Monday, August 5, 2013

Clinton Lake Double = Marathon Finish Time

On our last run at Clinton Lake trail (north fork), Riddle and I were chatting about training and racing strategies. We decided that the hilly trail is not just a great workout (for marathons and ultras), but it can be utilized to estimate your marathon finish time. How you ask? Read on.

You've all heard of Yasso 800s, right? You run the 800m intervals in the same time (minutes:seconds) as you want to finish your marathon (hours:minutes). Going for a 3:30 marathon, then run your 800m intervals in 3 minutes, 30 seconds each. Build up to 8-12 repeats. If you can handle these repeats, AND YOU DO YOUR LONG RUNS, then you should have a feasible marathon goal time.

Wouldn't it be cool if you could do a long run and also estimate your marathon finish at the same time?

I have a new metric for determine your marathon goal time...and it is combined with your long run training. The time it takes to run two 10-mile loops at Clinton Lake north fork trail will equate to your marathon finish time. No adjustments needed. You run two loops of Clinton Lake in 4 hours, then your marathon finish time will be 4 hours. Of course, this new metric doesn't mean shit to anyone that lives far away from the north fork Clinton Lake trail (around Clinton, IL), but if you run the trail regularly, you can now predict your marathon finish time. Here are two extreme examples: Brandon runs a 2:48 marathon and does his two loops at Clinton Lake in about 2:48. Jeff runs Clinton in about 5 hours and runs a 5 hour marathon. I haven't run two loops at Clinton for some time, but my target marathon goal is 3:20-3:25 so I need to run that time on my 20-mile trail runs at Clinton (about 1:40-1:42 per loop). Perfect long run and perfect marathon predictor all rolled into one!

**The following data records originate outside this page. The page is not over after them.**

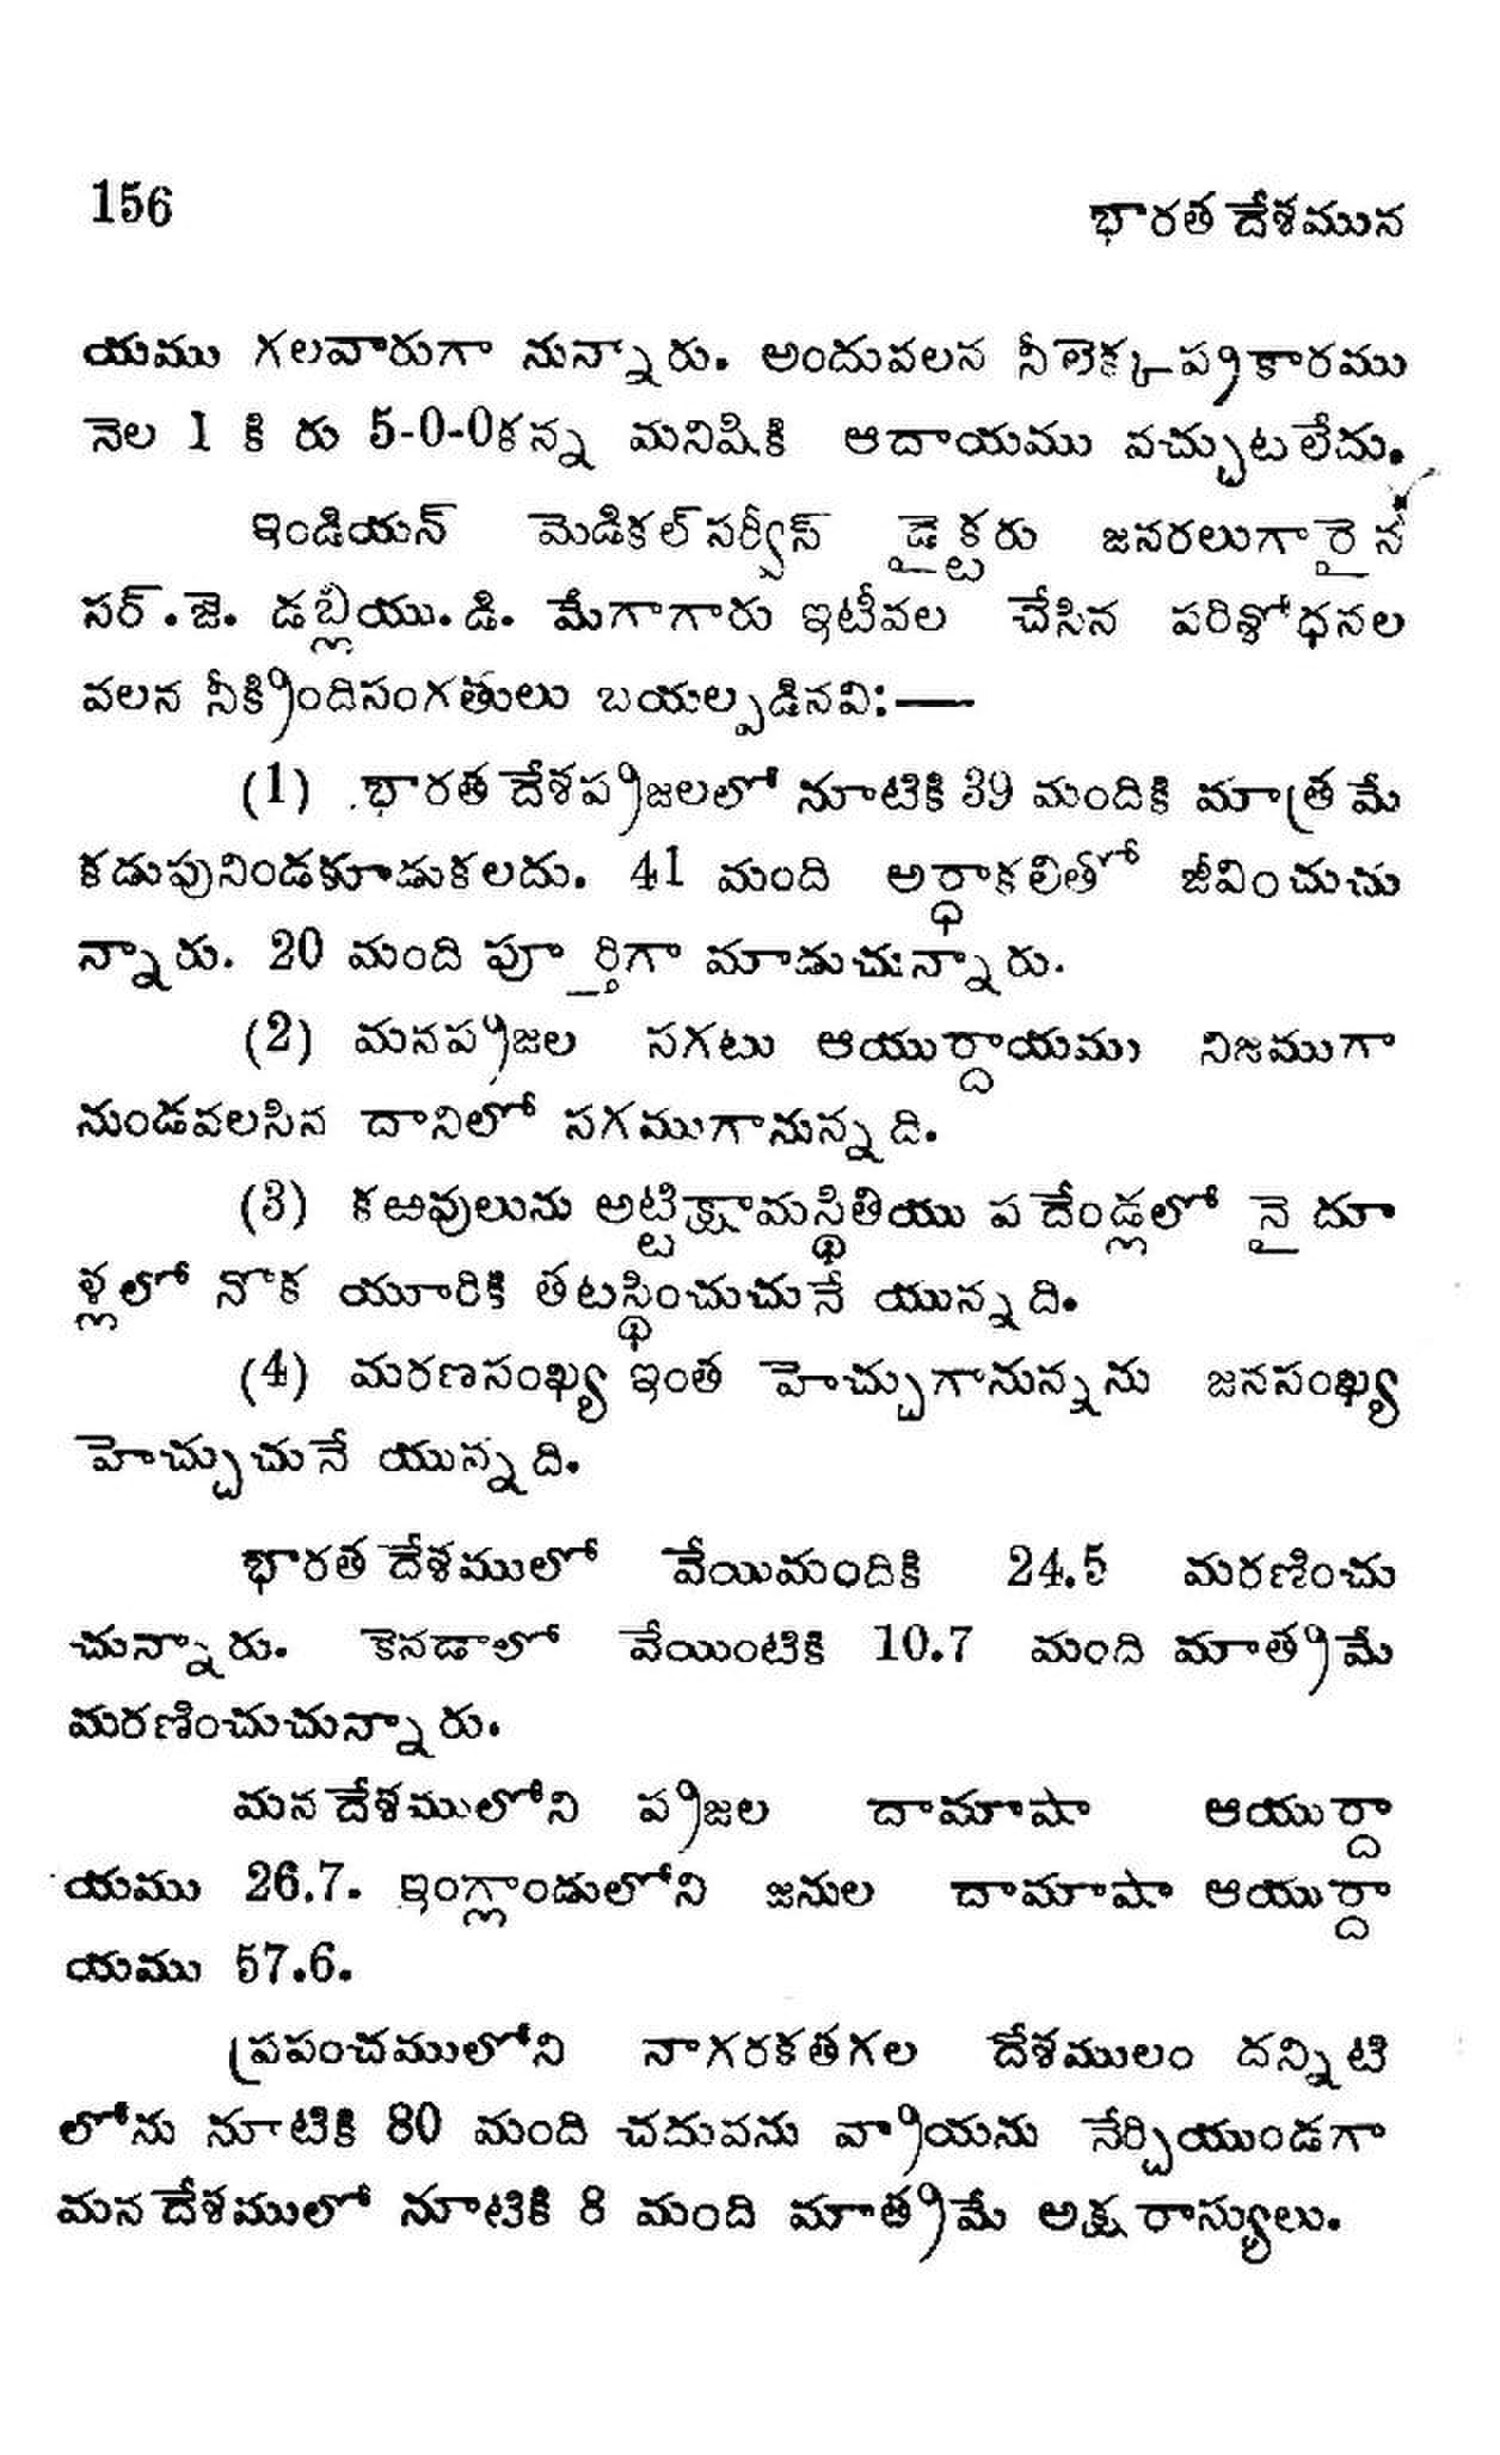యము గలవారుగా నున్నారు. అందువలన నీలెక్కప్రకారము నెల 1 కి రు 5-0-0 కన్న మనిషికి ఆదాయము వచ్చుటలేదు. 

ఇండియన్ మెడికల్ సర్వీస్ డైరెక్టరు జనరలుగారైన సర్. జె. డబ్లీయు. డి. మేగాగారు ఇటీవల చేసిన పరిశోధనల వలన నీక్రిందిసంగతులు బయల్పడినవి:-

(1) భారతదేశప్రజలలో నూటికి 39 మందికి మాత్రమే కడుపునిండకూడుకలదు. 41 మంది అర్ధాకలితో జీవించుచున్నారు. 20 మంది పూర్తిగా మాడుచున్నారు. 

(2) మనప్రజల సగటు ఆయుర్దాయము నిజముగా నుండవలసిన దానిలో సగముగానున్న ది.

(3) కఱవులును అట్టిక్షామస్థితియు పదేండ్లలో నైదూళ్లలో నొక యూరికి తటస్థించుచునే యున్నది.

(4) మరణసంఖ్య ఇంత హెచ్చుగానున్నను జనసంఖ్య హెచ్చుచునే యున్నది.

భారతదేశములో వేయిమందికి 24.5 మరణించుచున్నారు. కెనడాలో వేయింటికి 10.7 మంది మాత్రమే మరణించుచున్నారు..

మనదేశములోని ప్రజల దామాషా ఆయుర్దా యము 26.7. ఇంగ్లాండులోని జనుల దామాషా ఆయుర్దాయము 57.6.

ప్రపంచములోని నాగరకతగల దేశములం దన్నిటిలోను నూటికి 80 మంది చదువను వ్రాయను నేర్చియుండగా మనదేశములో నూటికి 8 మంది మాత్రమే అక్ష రాస్యులు.

Not only do you get a great workout, perfect long run, and marathon estimate...you are also on your feet for the same time you'll be running a marathon. No fast 20 milers that are done and leave you with 30-60 minutes (or longer) to complete your full marathon time. These runs simulate the actual full marathon TIME and allows your body to adjust to that demand. No bonking come the last few miles in the marathon. Your road marathon pace will be faster, but that pace will feel easy compared to the trails at Clinton Lake! Not many races have 66 hills in 20 miles. Your body will be strong and powerful, but the pounding will be reduced because it's trails (less impact and more variety) and you are going slower.

After Howl at the Moon ultra this weekend, I plan on doing regular 20-mile long runs at Clinton Lake to get ready for three fall ultras: Evergreen Lake 32 miler, Farmdale 30 miler, and McNotAgain 30 miler. I may even throw in a fall marathon to test out my new hypothesis!

3 comments:

ed said...

I wish that was true! I typically run sub 4 hours for the 1st 2 laps of the Clinton Lake 30 miler, but there's no way I could run a sub 4 marathon & maybe not even a sub 5. Of course I'd run those laps slower in training than on a race day.

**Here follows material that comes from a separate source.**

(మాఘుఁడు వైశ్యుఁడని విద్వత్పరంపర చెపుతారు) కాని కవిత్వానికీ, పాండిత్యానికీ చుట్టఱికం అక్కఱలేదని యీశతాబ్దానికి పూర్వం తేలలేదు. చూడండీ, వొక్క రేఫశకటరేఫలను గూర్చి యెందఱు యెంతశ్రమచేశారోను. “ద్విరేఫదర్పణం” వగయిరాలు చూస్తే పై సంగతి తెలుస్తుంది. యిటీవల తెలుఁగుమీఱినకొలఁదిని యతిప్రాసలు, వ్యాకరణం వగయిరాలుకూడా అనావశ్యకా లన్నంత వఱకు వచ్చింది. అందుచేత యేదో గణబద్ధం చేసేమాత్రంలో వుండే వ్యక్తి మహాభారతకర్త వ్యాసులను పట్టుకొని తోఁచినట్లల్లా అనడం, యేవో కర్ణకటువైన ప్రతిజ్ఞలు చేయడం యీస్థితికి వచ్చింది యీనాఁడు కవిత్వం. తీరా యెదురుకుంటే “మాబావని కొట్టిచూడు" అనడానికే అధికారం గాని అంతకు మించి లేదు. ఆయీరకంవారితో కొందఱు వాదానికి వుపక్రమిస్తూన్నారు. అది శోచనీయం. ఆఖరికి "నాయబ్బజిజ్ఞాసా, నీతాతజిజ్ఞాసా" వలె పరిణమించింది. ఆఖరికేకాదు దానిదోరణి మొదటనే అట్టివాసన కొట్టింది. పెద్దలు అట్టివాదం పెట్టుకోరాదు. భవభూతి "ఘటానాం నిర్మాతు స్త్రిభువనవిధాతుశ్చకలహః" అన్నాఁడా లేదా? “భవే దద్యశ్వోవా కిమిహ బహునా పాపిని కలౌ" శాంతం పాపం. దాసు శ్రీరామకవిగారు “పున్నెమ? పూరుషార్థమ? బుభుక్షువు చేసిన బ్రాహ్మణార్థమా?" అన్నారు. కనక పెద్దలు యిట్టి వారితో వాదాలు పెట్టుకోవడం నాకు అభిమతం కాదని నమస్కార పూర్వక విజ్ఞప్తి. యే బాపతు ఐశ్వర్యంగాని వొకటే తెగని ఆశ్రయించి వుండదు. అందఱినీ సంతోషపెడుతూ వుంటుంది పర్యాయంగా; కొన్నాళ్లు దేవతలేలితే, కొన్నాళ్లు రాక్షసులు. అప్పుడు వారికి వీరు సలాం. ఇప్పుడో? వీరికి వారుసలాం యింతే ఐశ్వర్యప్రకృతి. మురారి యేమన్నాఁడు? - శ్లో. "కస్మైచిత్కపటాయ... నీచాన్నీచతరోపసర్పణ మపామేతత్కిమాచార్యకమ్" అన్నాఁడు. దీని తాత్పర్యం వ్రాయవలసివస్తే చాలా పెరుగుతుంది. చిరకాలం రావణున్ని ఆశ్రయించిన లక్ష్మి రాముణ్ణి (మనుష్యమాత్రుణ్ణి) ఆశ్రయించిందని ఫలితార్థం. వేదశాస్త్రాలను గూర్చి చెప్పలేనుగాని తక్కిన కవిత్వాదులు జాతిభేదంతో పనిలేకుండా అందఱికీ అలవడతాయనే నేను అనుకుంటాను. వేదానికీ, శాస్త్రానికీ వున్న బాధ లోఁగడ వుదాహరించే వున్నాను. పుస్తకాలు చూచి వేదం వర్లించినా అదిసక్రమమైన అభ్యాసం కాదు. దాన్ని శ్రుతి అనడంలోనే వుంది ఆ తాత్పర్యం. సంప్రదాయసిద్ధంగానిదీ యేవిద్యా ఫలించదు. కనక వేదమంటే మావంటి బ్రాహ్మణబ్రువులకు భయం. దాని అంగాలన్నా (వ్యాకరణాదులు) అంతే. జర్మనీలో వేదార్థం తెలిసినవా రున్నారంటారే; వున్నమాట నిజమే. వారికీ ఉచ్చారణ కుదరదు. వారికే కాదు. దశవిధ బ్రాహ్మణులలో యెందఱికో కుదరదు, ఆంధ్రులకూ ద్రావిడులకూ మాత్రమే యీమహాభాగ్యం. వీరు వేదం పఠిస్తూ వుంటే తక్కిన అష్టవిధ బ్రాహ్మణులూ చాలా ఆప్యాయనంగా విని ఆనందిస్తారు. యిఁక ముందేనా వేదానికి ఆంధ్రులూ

Hey, I heard the RD was vacating the position at Clinton Lake . . . have you ever thought about getting back into it?

Good Luck at Howl -- looking forward to hearing all about it.

jeff said...

Chris, I promise I did not tell Ed to say that.

jeff

Chris Ⓥ said...

Ed (and Jeff):

Yes indeed, looks like Clinton is looking for a new RD. I'm not up for it now. Might change my mind. Who knows.

Ed-If you were "just training" at Clinton for 2 loops you'd run slower. It might be close to a marathon time. Or at least what you are CAPABLE of running.